May 31, 2009 at 3:30 pm
We've had this debate before and the delimiting function's performance can practically always be improved by a hand-written piece of SQL. But the delimiting function's flexibility and simplicity makes it easily adaptible to many more uses and that is why I suggested it for this thread.

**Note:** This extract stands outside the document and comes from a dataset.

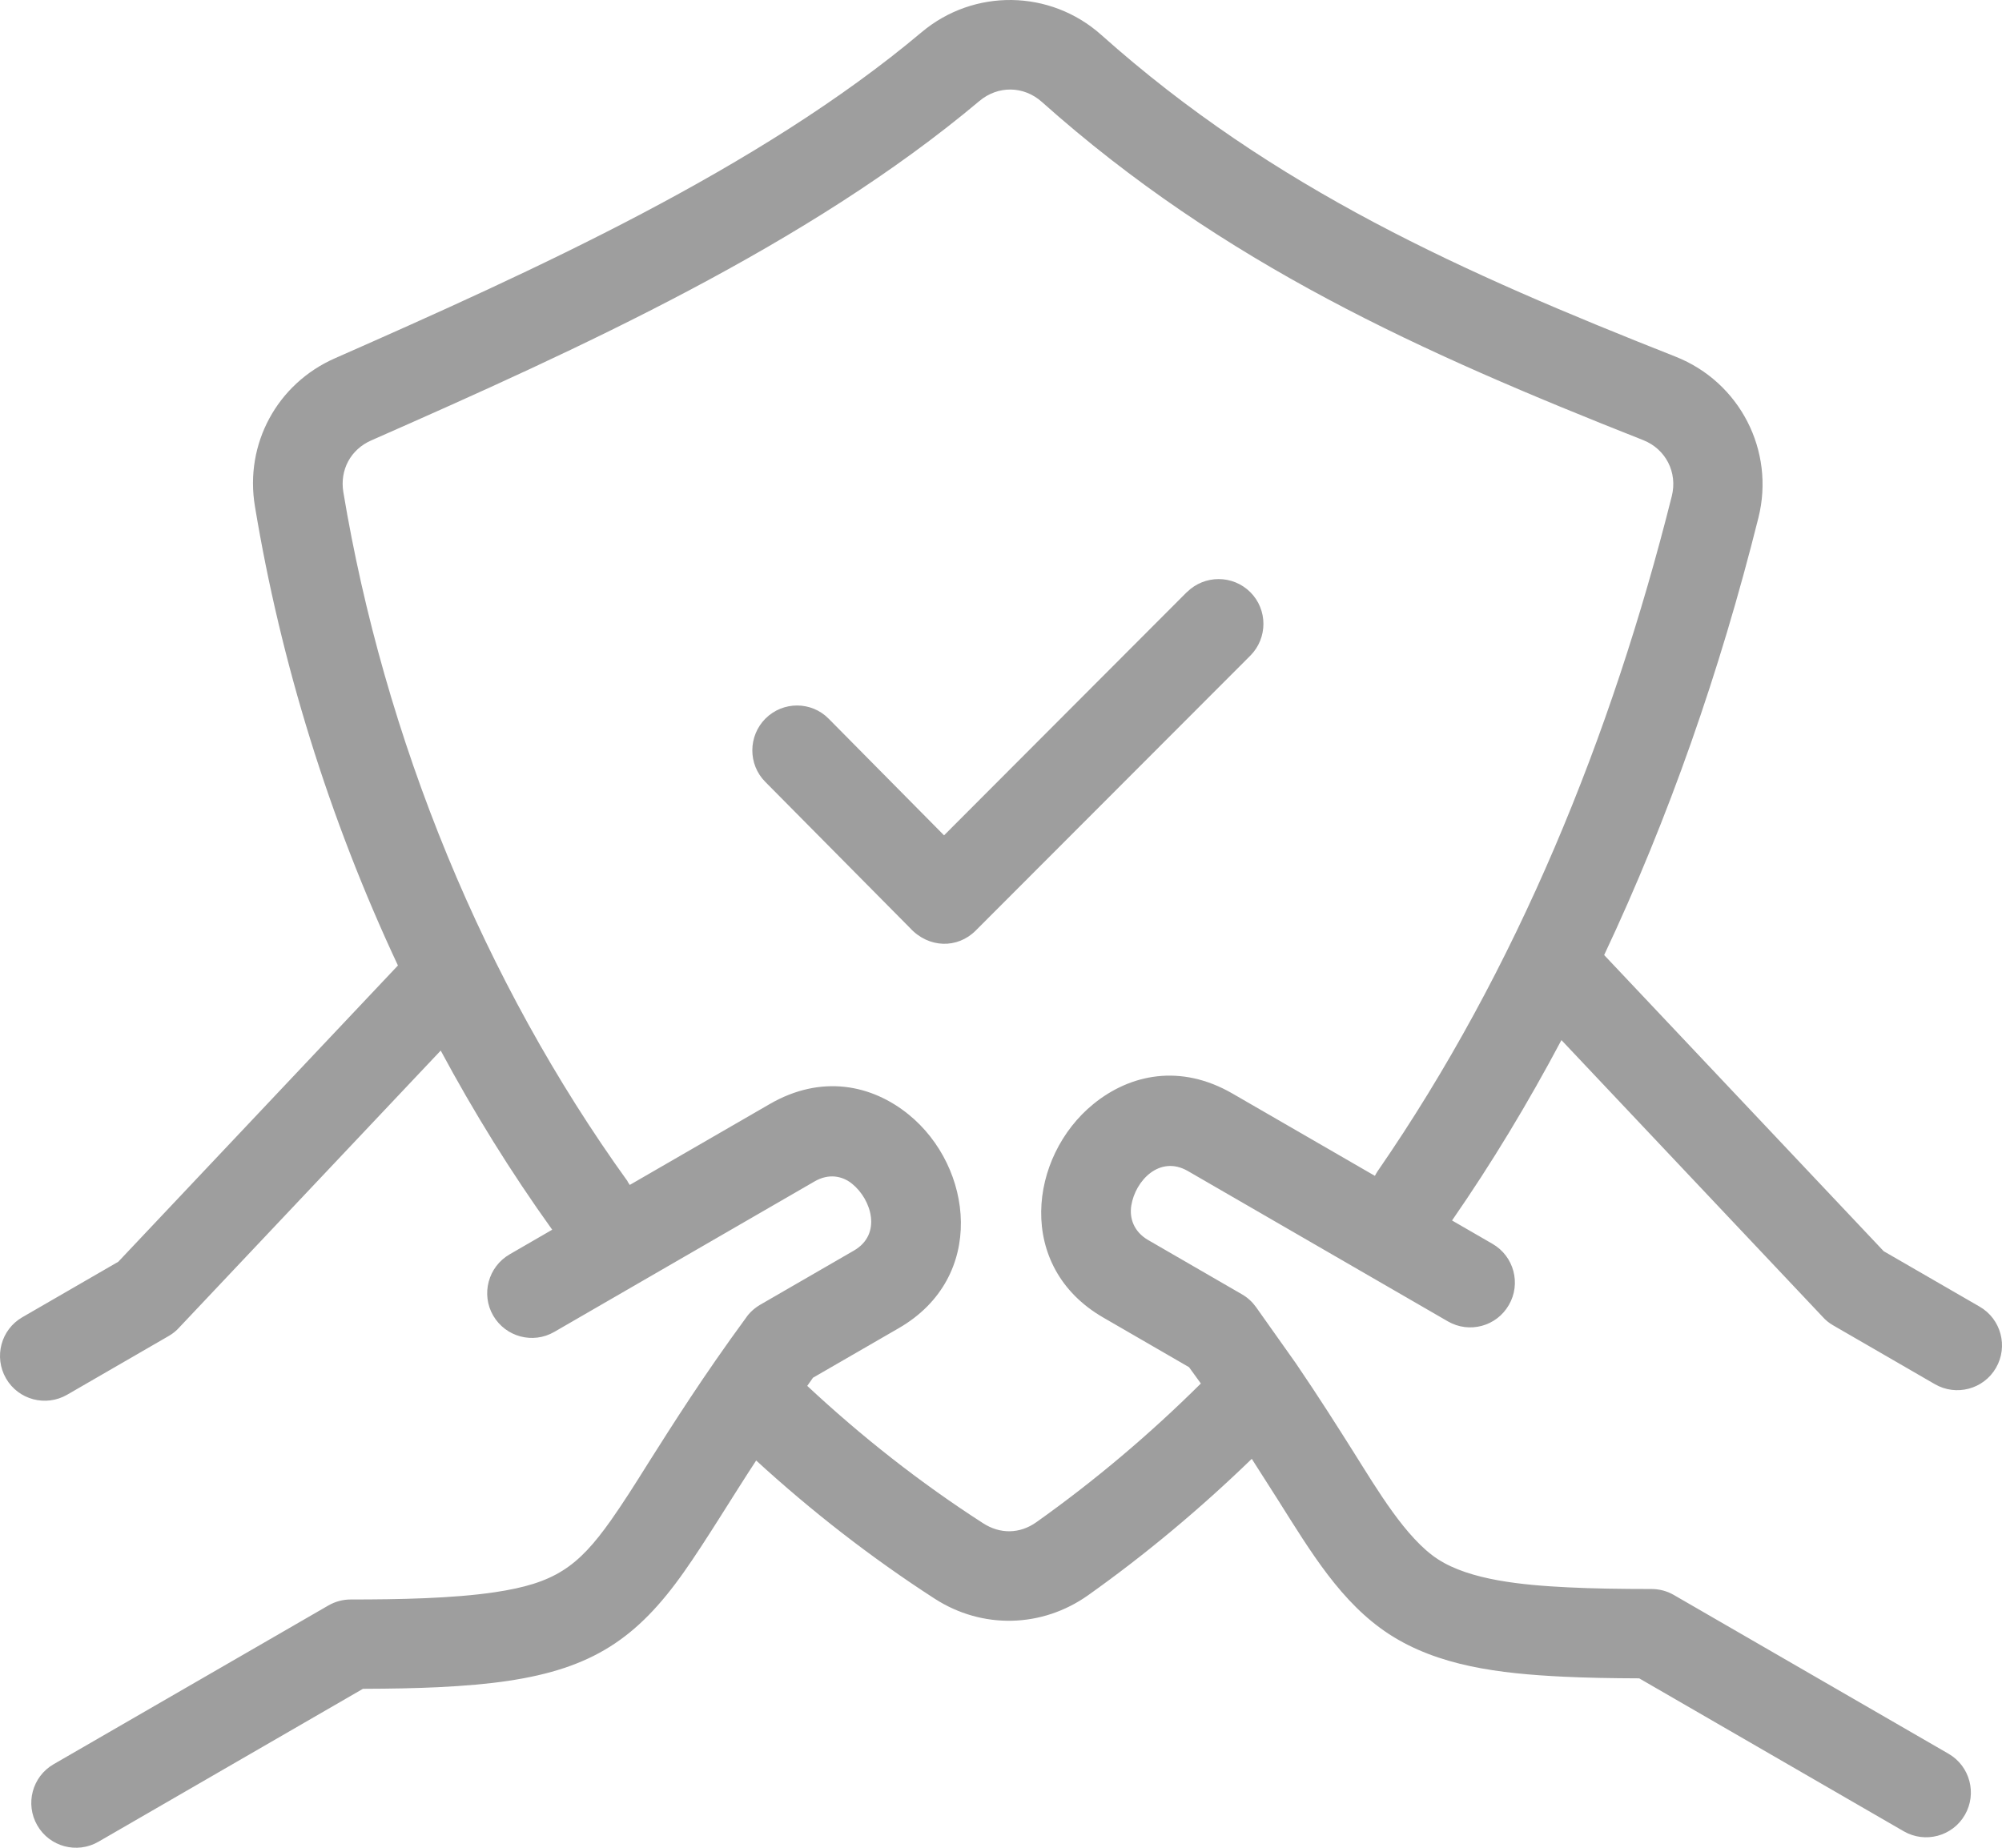 <svg width="65" height="60" viewBox="0 0 65 60" fill="none" xmlns="http://www.w3.org/2000/svg">
<path fill-rule="evenodd" clip-rule="evenodd" d="M20.373 38.364C20.399 38.402 20.423 38.439 20.447 38.477L24.985 35.854C26.669 34.877 28.31 35.222 29.502 36.191C31.597 37.893 32.035 41.477 29.184 43.126L26.396 44.737C26.33 44.828 26.271 44.917 26.209 45.002C27.976 46.651 29.873 48.145 31.918 49.462C32.471 49.82 33.11 49.812 33.65 49.427C35.553 48.075 37.327 46.574 38.989 44.925C38.864 44.751 38.736 44.574 38.605 44.395L35.82 42.783C32.965 41.135 33.407 37.551 35.502 35.848C36.694 34.879 38.329 34.534 40.018 35.511L44.639 38.182C44.666 38.132 44.695 38.081 44.727 38.032C49.26 31.467 52.323 23.902 54.279 16.111C54.471 15.343 54.087 14.585 53.354 14.293C46.155 11.448 39.724 8.571 33.826 3.309C33.233 2.781 32.399 2.776 31.8 3.279C26.233 7.958 18.839 11.312 12.051 14.302C11.383 14.596 11.03 15.26 11.147 15.977C11.802 19.912 12.933 23.919 14.533 27.8C16.065 31.515 18.029 35.102 20.381 38.365L20.373 38.364ZM17.93 39.933C16.591 38.067 15.386 36.121 14.309 34.114L5.826 43.099C5.73 43.209 5.613 43.305 5.476 43.383L2.181 45.289C1.486 45.69 0.596 45.455 0.195 44.759C-0.205 44.063 0.03 43.174 0.725 42.773L3.841 40.971L12.92 31.351C10.677 26.568 9.111 21.486 8.277 16.442C7.938 14.416 8.996 12.462 10.872 11.635C17.337 8.784 24.647 5.484 29.925 1.044C31.622 -0.38 34.097 -0.343 35.751 1.129C41.361 6.137 47.521 8.862 54.403 11.582C56.487 12.406 57.637 14.638 57.091 16.814C55.843 21.804 54.176 26.571 52.083 31.012L61.159 40.629L64.275 42.43C64.97 42.832 65.206 43.723 64.805 44.416C64.404 45.112 63.514 45.348 62.819 44.946L59.524 43.04C59.387 42.963 59.27 42.866 59.174 42.757L50.696 33.774C49.606 35.827 48.425 37.784 47.144 39.631L48.459 40.391C49.154 40.792 49.392 41.684 48.988 42.377C48.587 43.073 47.7 43.308 47.008 42.907L38.566 38.025C37.654 37.5 36.86 38.335 36.73 39.149C36.665 39.561 36.812 39.997 37.28 40.268L40.329 42.032C40.514 42.139 40.666 42.283 40.784 42.449L42.072 44.267C42.823 45.369 43.429 46.33 43.956 47.165C44.707 48.356 45.648 49.957 46.682 50.629C47.732 51.314 49.448 51.472 50.91 51.544C51.717 51.584 52.612 51.598 53.614 51.598C53.882 51.598 54.13 51.667 54.344 51.791L63.265 56.948C63.96 57.35 64.195 58.241 63.794 58.934C63.393 59.63 62.503 59.866 61.808 59.464L53.221 54.499C52.291 54.496 51.482 54.48 50.773 54.446C48.657 54.344 46.695 54.098 45.102 53.065C43.544 52.05 42.563 50.401 41.497 48.712C41.235 48.3 40.952 47.853 40.642 47.371C38.985 48.977 37.208 50.465 35.332 51.798C33.83 52.864 31.889 52.909 30.345 51.911C28.29 50.583 26.352 49.076 24.551 47.425C23.778 48.603 22.91 50.051 22.207 51.044C20.689 53.198 19.232 54.175 16.488 54.582C15.846 54.678 15.106 54.743 14.232 54.786C13.526 54.82 12.714 54.836 11.784 54.839L3.197 59.804C2.502 60.206 1.612 59.97 1.211 59.274C0.81 58.578 1.046 57.69 1.74 57.288L10.661 52.133C10.875 52.01 11.124 51.938 11.386 51.938C12.938 51.938 14.694 51.906 16.068 51.702C18 51.413 18.759 50.888 19.833 49.371C20.218 48.825 20.606 48.215 21.049 47.505C21.849 46.242 22.829 44.689 24.222 42.789C24.334 42.623 24.492 42.481 24.676 42.371L27.725 40.608C28.642 40.078 28.297 38.953 27.669 38.442C27.351 38.182 26.905 38.094 26.44 38.367L17.997 43.249C17.302 43.651 16.418 43.415 16.012 42.719C15.611 42.026 15.851 41.135 16.543 40.733L17.93 39.93L17.93 39.933ZM38.535 19.229C39.107 18.662 40.026 18.662 40.595 19.229C41.162 19.796 41.162 20.72 40.595 21.29L31.677 30.219C31.089 30.808 30.154 30.797 29.545 30.133L24.846 25.388C24.282 24.82 24.288 23.899 24.854 23.332C25.421 22.767 26.343 22.767 26.904 23.337L30.651 27.125L38.535 19.226L38.535 19.229Z" fill="#9E9E9E"/>
</svg>

For example, suppose the requirement changes to get the last monetary value: "SOLD FOR $10,000 on 6/1/2009". The delimiting function still makes this straightforward but imagine an inline expression to do the same.
select ...
from SomeTable ST cross apply global.dbo.fListToVarchars( reverse(ST.text), ' ' ) as X
where ISNUMERIC( reverse(X.item) )
Suppose multiple values are enclosed ("2 SOLD FOR $10,000 and $11,000"). Suppose the values are related ("SOUTH: $10,000; NORTH: $15,000; WEST: $16,000 and $15,000"). All these scenarios can be handled by the delimiting function and the SQL would remain very straightforward.
May 31, 2009 at 5:16 pm
Hi guys,
Everyone’s nailed it for the example I provided, though I have realised that there may be legitimate Trades with the exact same values (yes, there is no Primary or unique identifer. And it’s a really big American company providing this data if you really want to send some of these high velocity pork chops), so Ramesh’s example works perfectly for me (It may be the way I’m approaching it, but if I use any of the @Variable setups mentioned, e.g. –
declare @Source table (Cashnotes varchar(100), [Random other field] varchar(100))
insert into @source
select 'FFX Buy USD/Sell AUD, Broker 703 MATURITY 11/05/09 SOLD AUD 1,557,526.65' as Cashnotes, 'Rand1' as 'Random other field'
union all
select 'FFX Buy USD/Sell AUD, Broker 703 MATURITY 11/05/09 SOLD AUD 1,557,526.65' as Cashnotes, 'Rand1' as 'Random other field'
union all
select 'FFX Buy USD/Sell AUD, Broker 703 MATURITY 11/05/09 SOLD AUD 18,669,911.96' as Cashnotes, 'Rand5' as 'Random other field'
declare @abc varchar(100)
set @abc = (
SELECT cashnotes
FROM @Source
)
Select [random other field],reverse(Substring(Reverse(@ABC),0,Patindex('% %', reverse(@ABC))))
from @Source
- I'd fail because the subquery returns more than 1 result; where in practice, I’d be looking at about a hundred results with say 10 being Duplicates. Let me know if I’m just setting this up incorrectly).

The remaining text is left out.